Relying on our statement in Au-Tomotive Gold that the first sale doctrine is "generally focused on the likelihood of confusion among consumers," 603 F.3d at 1136, the SIG also argues that summary judgment can be affirmed because the district court determined that a triable issue exists as to likelihood of confusion. The first sale doctrine "accommodate[s] between [the] strong and potentially conflicting forces" of, on the one hand, protecting good will and preventing confusion, and on the other, "preserv[ing] an area for competition by limiting the producer's power to control the resale of its product." Sebastian , 53 F.3d at 1075. In the context of pure resales, that balance is easily struck because "confusion ordinarily does not exist when a genuine article bearing a true mark is sold." NEC Elecs. v. CAL Circuit Abco , 810 F.2d 1506, 1509 (9th Cir. 1987). But under Prestonettes and Enesco , in the context of incorporated products, how those conflicting purposes are reconciled will depend in some way on how a seller uses the mark of the incorporated product in connection with a new product. While our jurisdiction is not strictly limited to the certified question, see Yamaha Motor Corp., U.S.A. v. Calhoun , 516 U.S. 199, 205, 116 S.Ct. 619, 133 L.Ed.2d 578 (1996), the district court is better positioned to address these questions in the first instance with the benefit of briefing and specific analysis of how FCA uses the SIG's marks.

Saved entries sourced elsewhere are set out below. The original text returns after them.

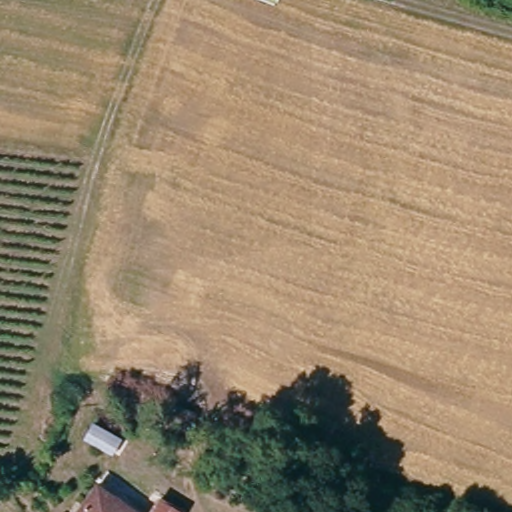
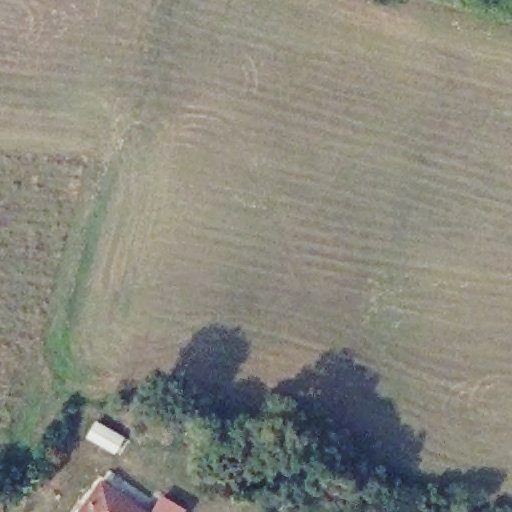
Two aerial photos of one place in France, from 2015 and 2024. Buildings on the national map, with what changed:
unchanged [(145,512),(78,512),(87,497),(95,485),(145,512)]
unchanged [(188,506),(185,512),(150,512),(159,490),(188,506)]

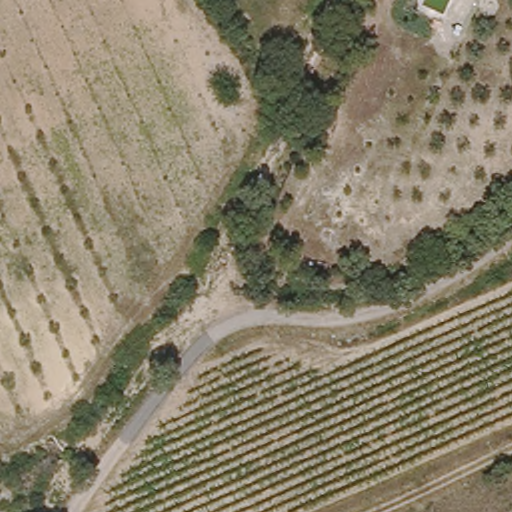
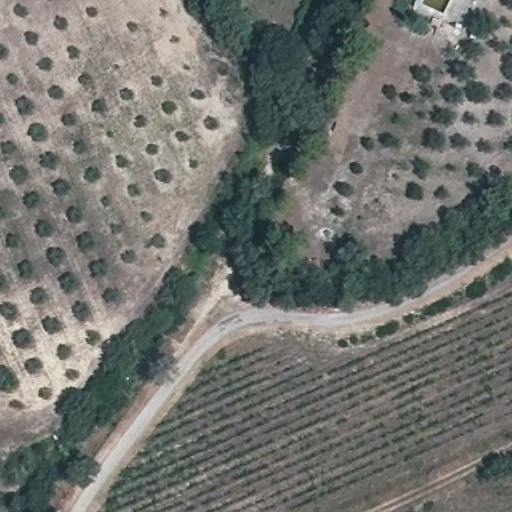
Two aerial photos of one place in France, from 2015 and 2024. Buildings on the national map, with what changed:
unchanged [(309,144),(298,170),(284,164),(294,138),(309,144)]

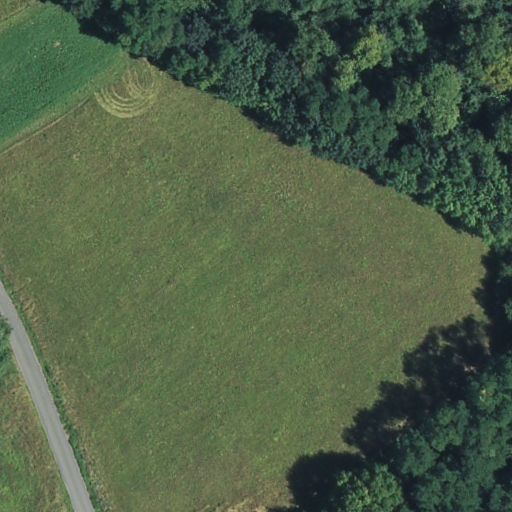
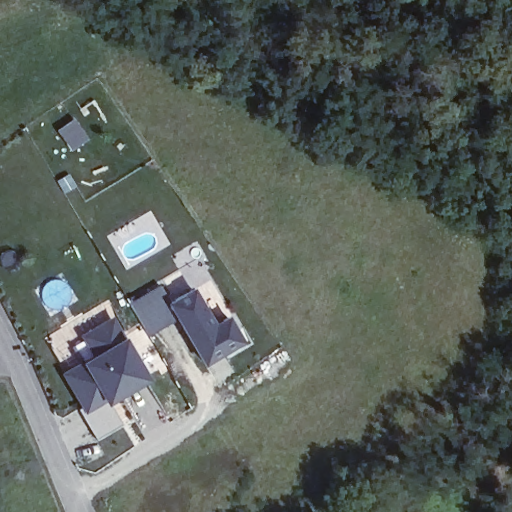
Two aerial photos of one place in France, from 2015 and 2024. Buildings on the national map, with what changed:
new [(212,321),(227,312),(243,342),(204,365),(165,302),(192,285),(212,321)]
new [(108,403),(120,423),(97,439),(77,408),(81,405),(62,373),(81,361),(91,355),(80,336),(112,317),(122,335),(148,378),(108,403)]

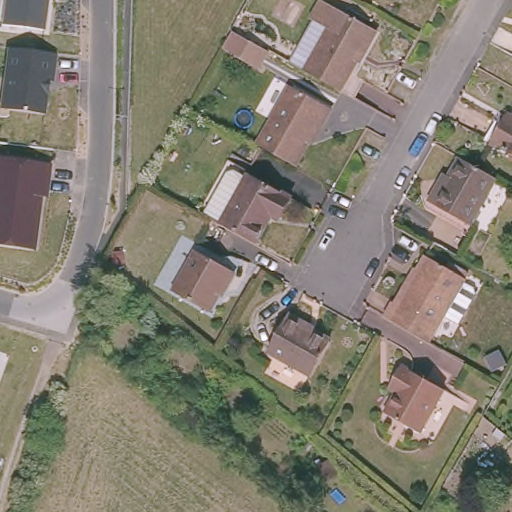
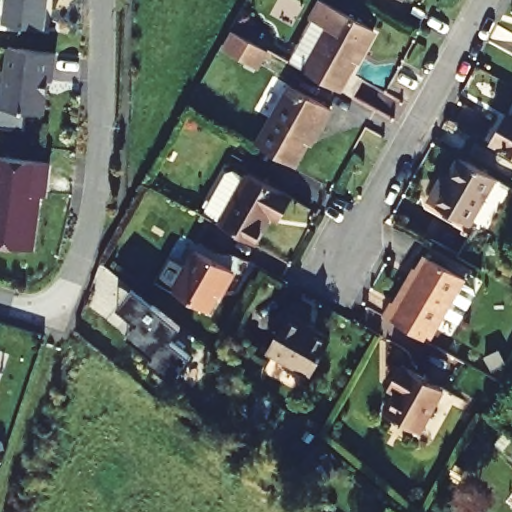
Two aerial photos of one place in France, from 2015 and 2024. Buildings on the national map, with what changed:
unchanged [(0,0),(46,0),(42,27),(0,20),(0,0)]
unchanged [(334,26),(317,17),(325,0),(330,0),(344,7),(380,29),(346,89),(310,69),(334,26)]
unchanged [(268,49),(258,67),(223,47),(232,29),(268,49)]
unchanged [(0,65),(4,42),(55,51),(44,113),(0,104),(0,65)]
unchanged [(257,142),(291,84),(332,108),(324,122),(320,121),(295,164),(257,142)]
unchanged [(489,141),(499,122),(505,126),(512,114),(512,154),(489,141)]
unchanged [(0,154),(45,161),(34,249),(0,243),(0,154)]
unchanged [(419,206),(428,189),(432,191),(449,160),(486,181),(459,228),(419,206)]
unchanged [(245,175),(256,182),(258,177),(297,199),(285,221),(280,218),(263,247),(212,217),(236,177),(245,175)]
unchanged [(209,312),(172,291),(184,271),(195,251),(232,270),(209,312)]
unchanged [(380,311),(387,297),(392,300),(420,251),(459,273),(469,280),(471,287),(454,317),(439,307),(422,335),(380,311)]
new [(171,341),(190,357),(171,378),(151,362),(154,357),(129,336),(139,323),(119,309),(132,291),(180,327),(171,341)]
unchanged [(300,325),(325,342),(306,377),(262,352),(284,312),(301,322),(300,325)]
unchanged [(441,390),(412,440),(377,419),(392,393),(386,389),(390,382),(399,366),(441,390)]

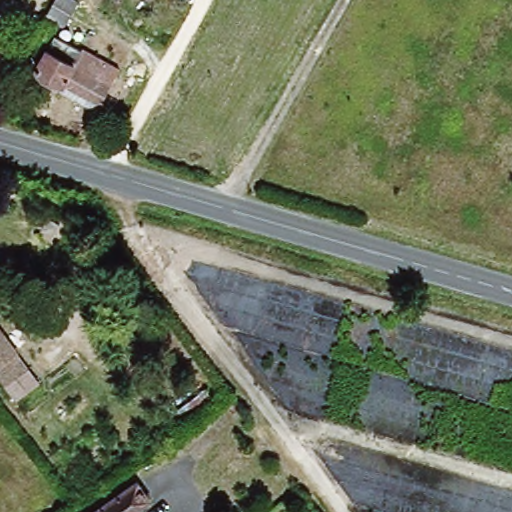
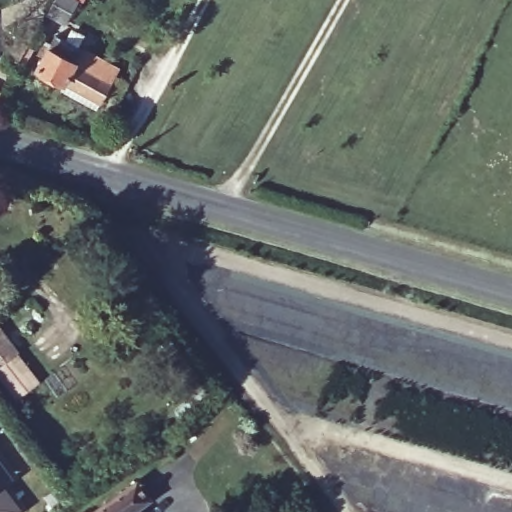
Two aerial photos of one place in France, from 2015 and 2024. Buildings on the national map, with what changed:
unchanged [(47,3),(49,0),(73,0),(65,13),(47,3)]
unchanged [(99,105),(38,68),(58,35),(105,62),(110,53),(124,61),(99,105)]
unchanged [(0,327),(30,368),(5,388),(0,381),(0,327)]
new [(2,483),(21,510),(19,512),(0,512),(0,461),(12,477),(2,483)]
unchanged [(145,499),(130,511),(130,512),(92,512),(132,482),(145,499)]

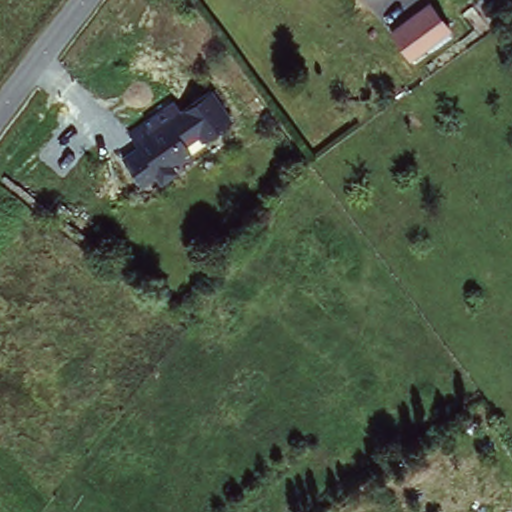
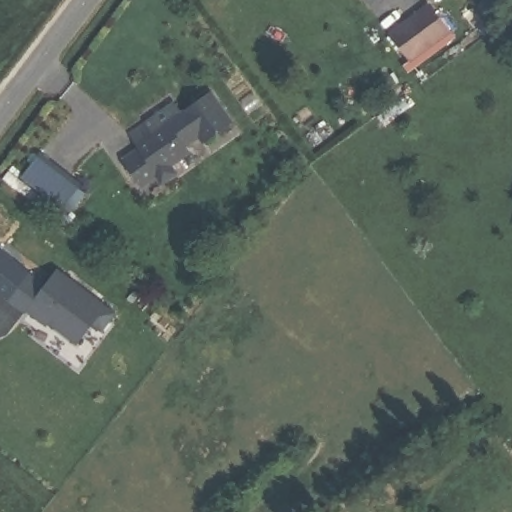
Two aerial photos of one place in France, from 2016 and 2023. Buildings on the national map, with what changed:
unchanged [(430,4),(449,30),(410,61),(389,34),(430,4)]
unchanged [(166,100),(177,114),(205,89),(228,125),(203,145),(197,138),(185,149),(191,156),(169,174),(172,178),(158,190),(152,183),(138,194),(121,166),(134,157),(129,150),(133,147),(127,139),(141,129),(137,123),(166,100)]
new [(38,155),(86,194),(69,214),(21,179),(38,155)]
new [(31,274),(47,285),(58,269),(117,314),(104,332),(94,324),(79,346),(44,319),(42,323),(29,312),(27,315),(11,302),(31,274)]

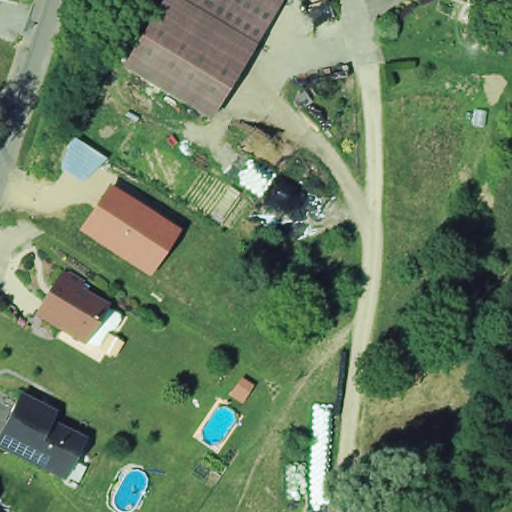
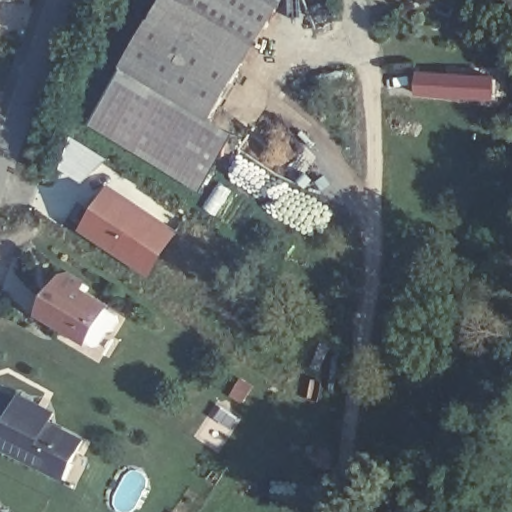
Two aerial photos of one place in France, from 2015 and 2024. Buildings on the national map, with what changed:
unchanged [(120,70),(164,0),(282,0),(207,123),(120,70)]
unchanged [(507,0),(512,0),(512,5),(506,3),(507,0)]
new [(200,193),(87,124),(120,70),(207,123),(210,119),(236,134),(200,193)]
unchanged [(60,167),(73,137),(107,158),(83,182),(60,167)]
unchanged [(80,230),(108,184),(179,230),(149,276),(80,230)]
unchanged [(114,327),(108,337),(102,339),(93,352),(88,352),(78,346),(35,319),(47,298),(57,282),(63,280),(77,290),(73,296),(80,300),(100,312),(99,314),(112,322),(114,327)]
unchanged [(22,397),(37,406),(54,414),(52,419),(49,424),(82,442),(73,457),(8,421),(20,400),(22,397)]
unchanged [(0,445),(0,438),(8,421),(73,457),(64,474),(62,479),(0,445)]

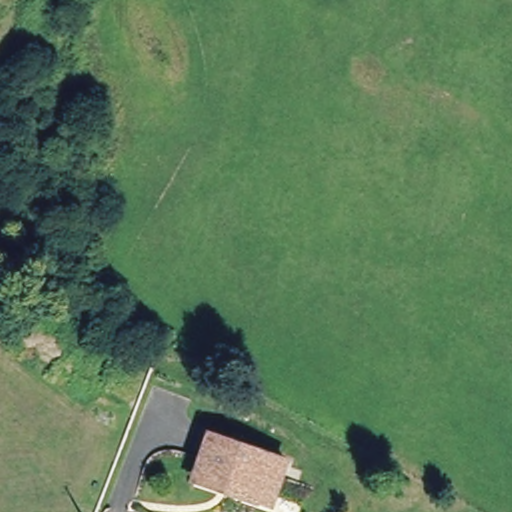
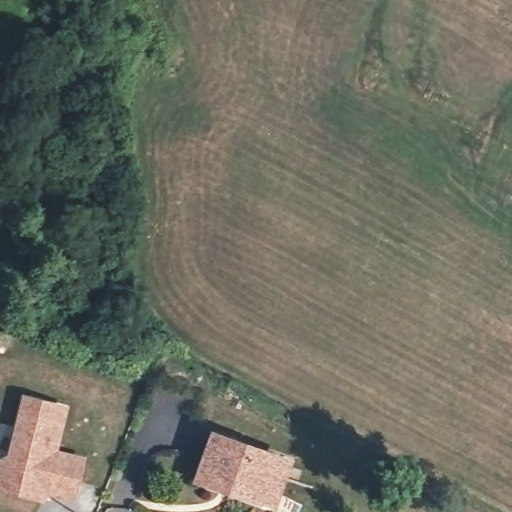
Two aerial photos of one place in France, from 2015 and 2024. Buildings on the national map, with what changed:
new [(57,451),(85,457),(72,503),(44,496),(42,505),(0,493),(0,458),(6,455),(20,395),(67,407),(57,451)]
unchanged [(267,509),(195,483),(212,439),(283,464),(267,509)]

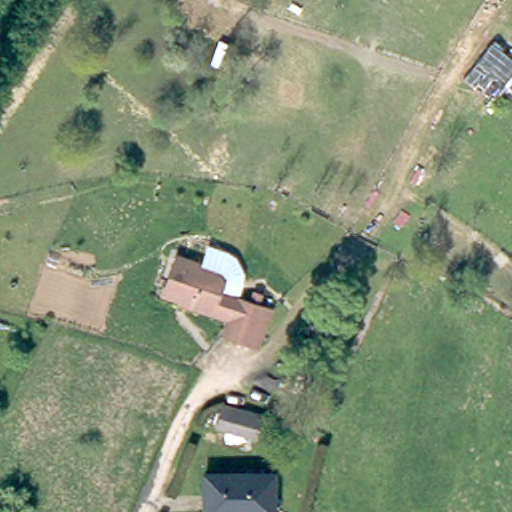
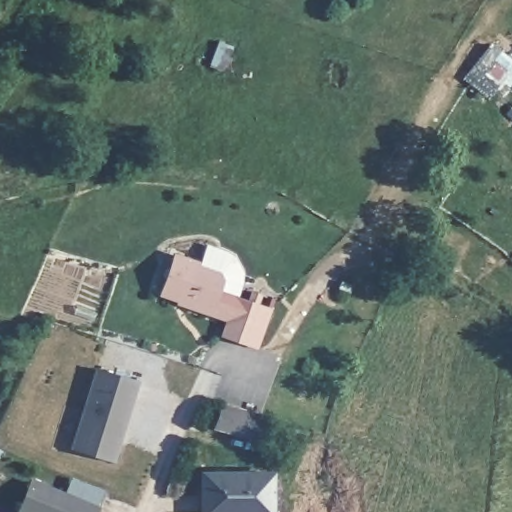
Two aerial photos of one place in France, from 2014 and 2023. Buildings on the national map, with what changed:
unchanged [(212,301),(164,288),(174,250),(222,263),(212,301)]
unchanged [(262,345),(253,343),(226,335),(237,297),(264,305),(273,307),(262,345)]
new [(95,368),(140,380),(115,462),(70,448),(95,368)]
unchanged [(228,393),(262,408),(253,427),(217,411),(225,396),(228,393)]
unchanged [(270,512),(203,512),(205,474),(272,478),(270,512)]
new [(100,508),(99,512),(18,512),(32,479),(100,508)]

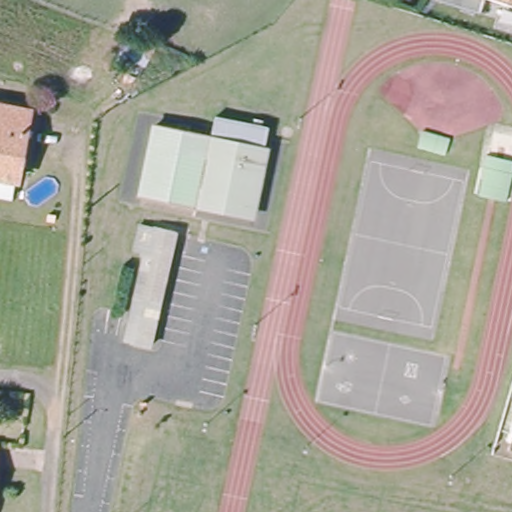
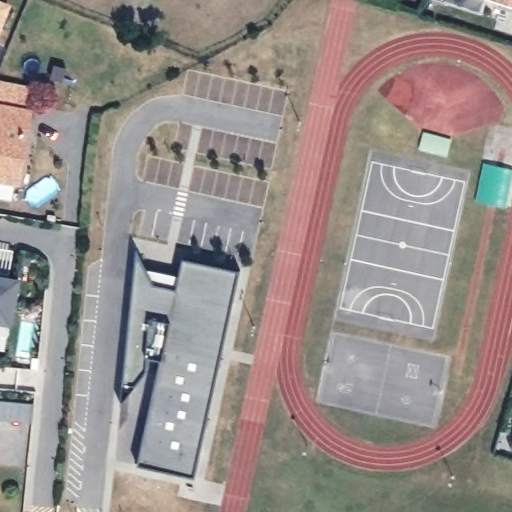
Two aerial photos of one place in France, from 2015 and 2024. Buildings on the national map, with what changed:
new [(0,34),(0,0),(5,0),(11,3),(0,34)]
unchanged [(512,0),(512,6),(494,0),(512,0)]
new [(37,87),(32,111),(0,104),(0,80),(37,87)]
unchanged [(16,180),(0,177),(0,104),(32,111),(16,180)]
demolished [(141,193),(158,123),(211,135),(216,116),(270,129),(265,149),(268,150),(254,209),(220,201),(219,212),(141,193)]
demolished [(141,253),(127,250),(132,223),(176,231),(158,324),(128,318),(141,253)]
new [(148,269),(180,274),(183,256),(238,272),(195,476),(140,463),(161,358),(146,355),(146,374),(122,399),(135,250),(148,269)]
new [(21,277),(12,324),(9,336),(0,334),(0,273),(21,277)]

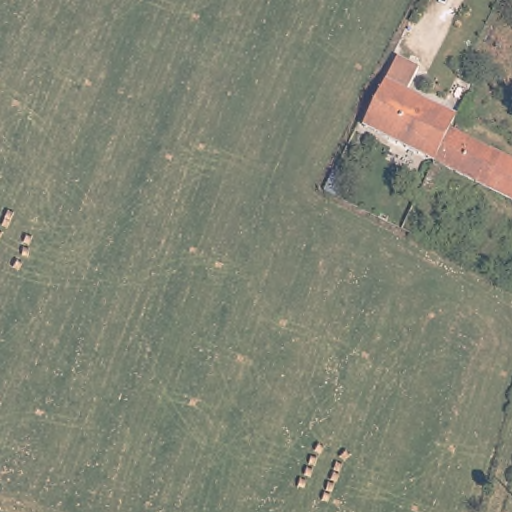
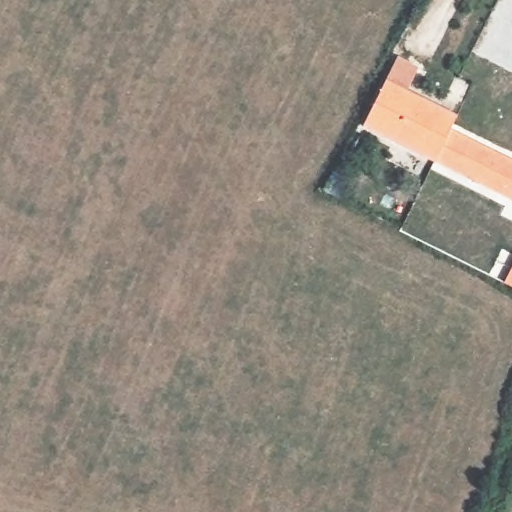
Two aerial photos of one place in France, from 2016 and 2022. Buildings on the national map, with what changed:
unchanged [(434,158),(366,125),(400,56),(420,66),(408,87),(456,111),(450,125),(434,158)]
unchanged [(450,125),(512,156),(512,197),(434,158),(450,125)]
unchanged [(330,177),(340,160),(355,167),(346,186),(330,177)]
unchanged [(345,201),(351,191),(385,210),(379,219),(345,201)]

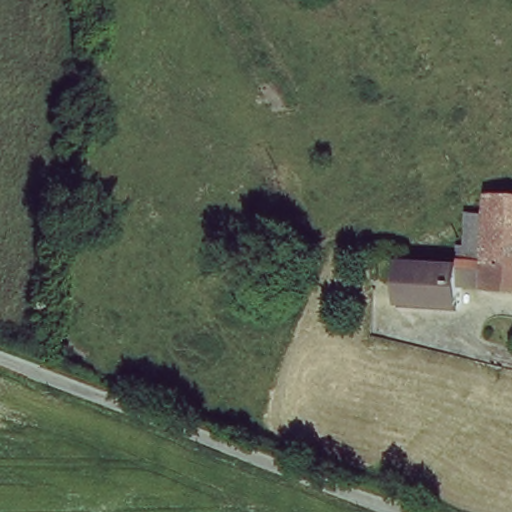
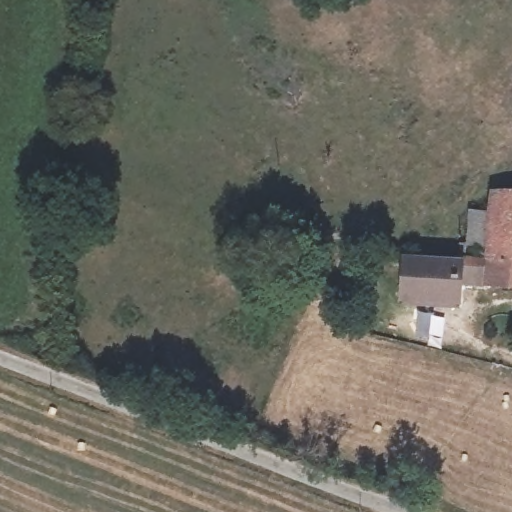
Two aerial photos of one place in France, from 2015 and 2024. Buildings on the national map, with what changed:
unchanged [(492,262),(494,213),(495,199),(512,200),(512,291),(490,290),(492,262)]
unchanged [(470,246),(473,214),(487,212),(494,213),(492,262),(466,261),(467,246),(470,246)]
unchanged [(408,265),(461,268),(462,260),(466,261),(492,262),(490,290),(461,289),(460,307),(406,305),(408,265)]

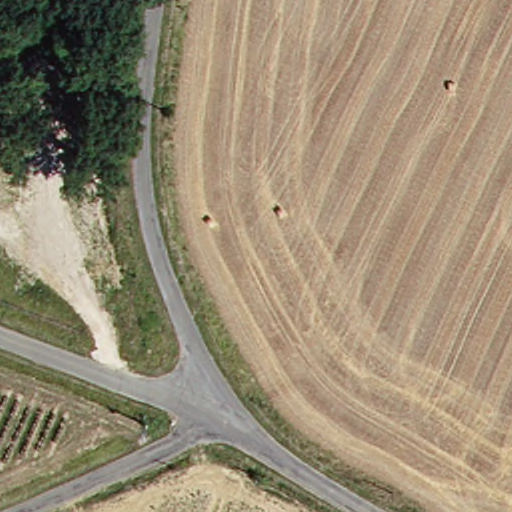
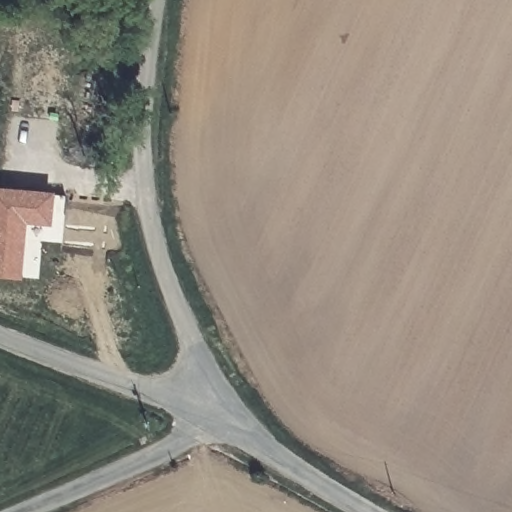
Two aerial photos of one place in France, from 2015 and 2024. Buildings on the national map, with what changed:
new [(51,227),(26,226),(21,280),(0,278),(0,189),(54,194),(51,227)]
unchanged [(149,413),(145,425),(132,420),(135,408),(149,413)]

For the same reason, we decline to reach the other alternate ground on which the SIG asks us to affirm – the exceptions to the first sale doctrine. Because the district court concluded that the first sale doctrine was categorically inapplicable in the incorporation context, it never addressed the SIG's arguments on the exceptions. The district court may consider these arguments on remand.
Accordingly, we VACATE the district court's grant of summary judgment to the SIG on the first sale issue and we REMAND for further proceedings.